Anak-anak itu kompak menyuarakan kalimat yang sama. Gadis Hoodie tertegun. Ia mematung. Matanya berkaca-kaca. Ia tidak pernah menyangka bahwa ia akan disambut dengan penghakiman seperti itu.
“Ibuku bukan pembunuh!” Gadis Hoodie berteriak. Berkali-kali. Sekeras-kerasnya. Tapi itu tak membuat anak-anak itu berhenti. Mereka terus meneriaki Gadis Hoodie sebagai anak pembunuh.
Dengan air mata yang sudah tak tau sederas apa, Gadis Hoodie lari ke dalam kelas. Ia duduk, meletakkan tas di depannya, dan menunduk menenggelamkan wajahnya. Sesekali mengelap air mata itu.
“Ibuku bukan pembunuh,” desisnya sesenggukan.
Gadis Hoodie mulai paham tatapan aneh yang menyergapnya di sepanjang jalanan menuju sekolah. Tatapan itu tatapan penghakiman. Tatapan perundungan pada dirinya.

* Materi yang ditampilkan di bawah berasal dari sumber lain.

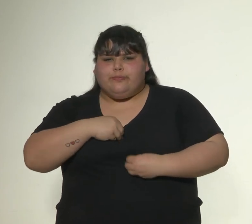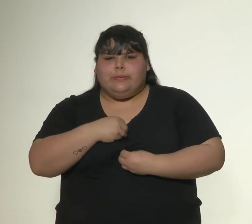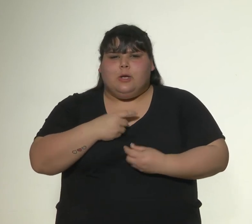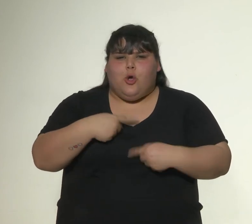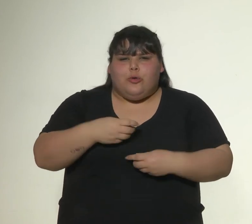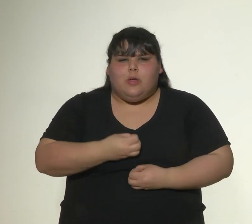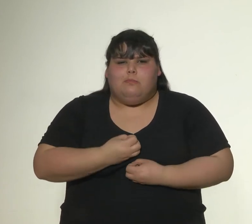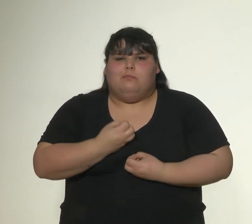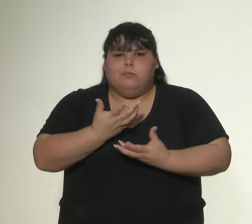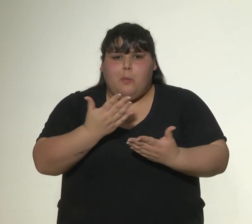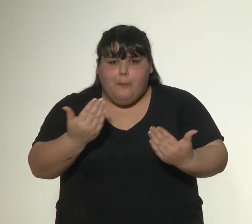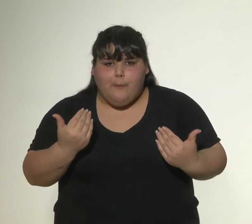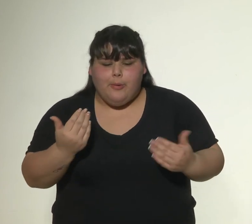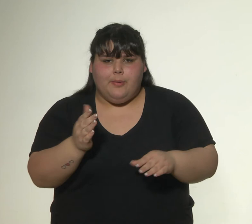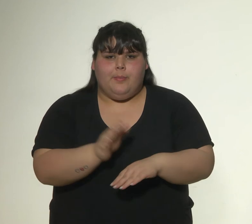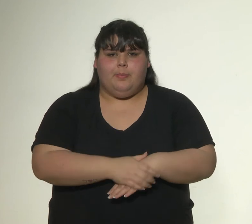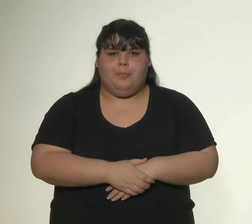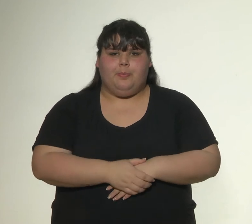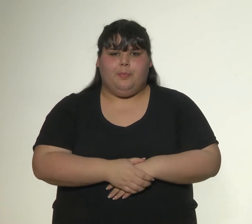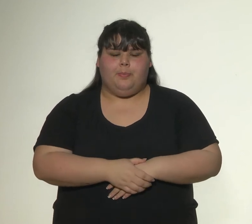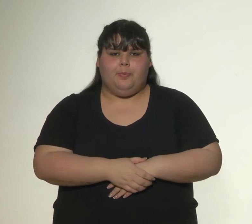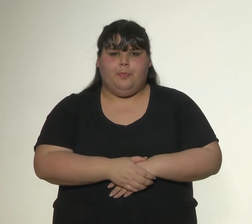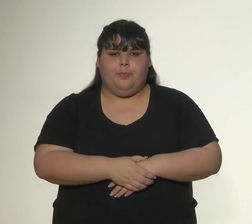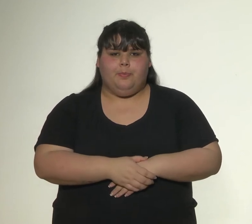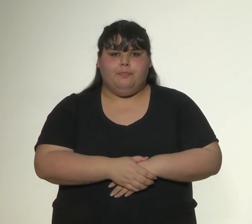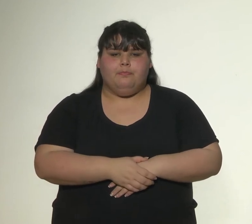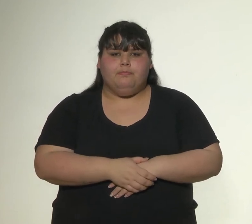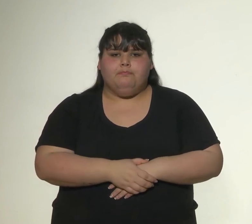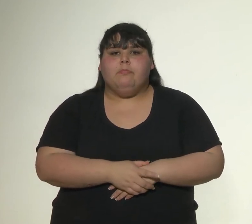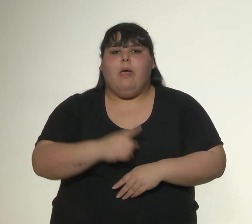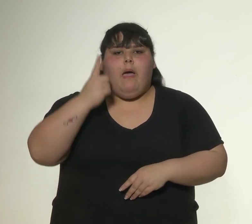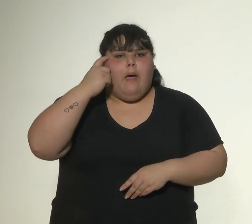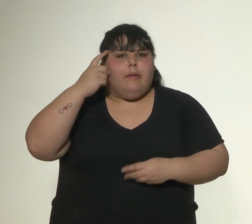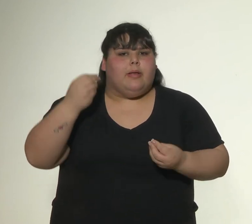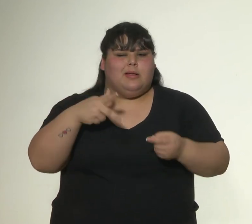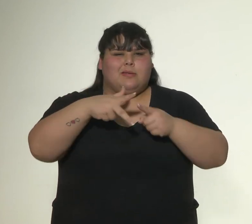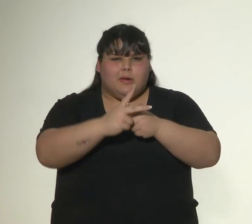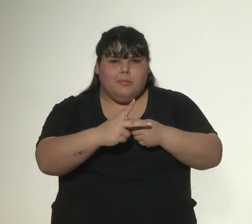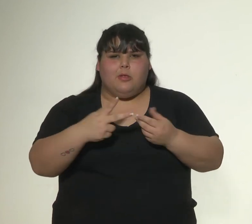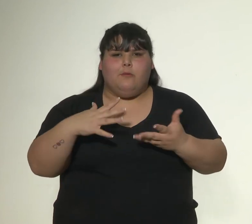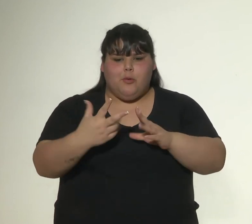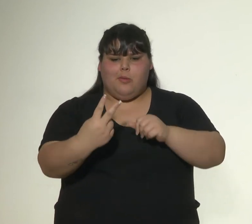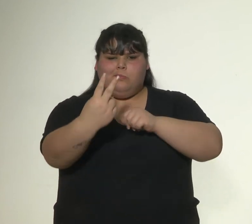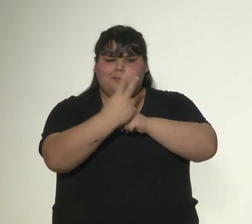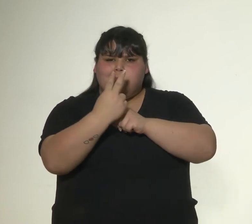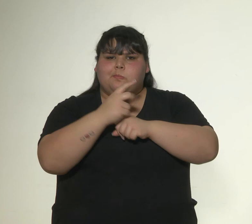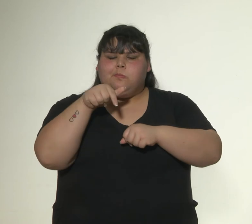emociones y sentimientos. El aprendizaje de herramientas de autoprotección frente al

Kejadian kemarin juga masih lekat di benaknya, ketika ia sedang bermain beberapa ibu-ibu bertanya tentang keberadaan ibunya. Pertanyaan-pertanyaan itu sangat sarkastis, mengejek.
Gadis Hoodie tak bisa berbuat lebih banyak. Ia hanya bisa menangis atau lari ke rumah saat dirundung. Meski kadang, ada emaknya yang membela. Gadis Hoodie seperti tidak punya tempat, di mana ia berada selalu mendapat tatapan aneh penuh curiga.
***
Menjelang siang, tepat pada ulang tahun kemerdekaan republik ini, yang katanya sudah merdeka ketujuh sembilan, aku sempat bertemu dengan Gadis Hoodie. Tapi sayang, saat itu aku dan dia tak sempat berbincang banyak. Seperti biasa, dia hanya duduk di sampingku, sedangkan aku menekurinya. Berusaha mengerti gumpalan gelap yang bersarang di dadanya.
Sekarang, besok, lusa, atau kapanpun kamu bertemu dengan Gadis Hoodie, aku titip salam padanya. Katakan juga, namanya sudah aku catat di atas sajadahku, aku babar di setiap tengadahku, dan aku zikirkan pada setiap putaran tasbihku. Semoga Tuhan merengkuhnya.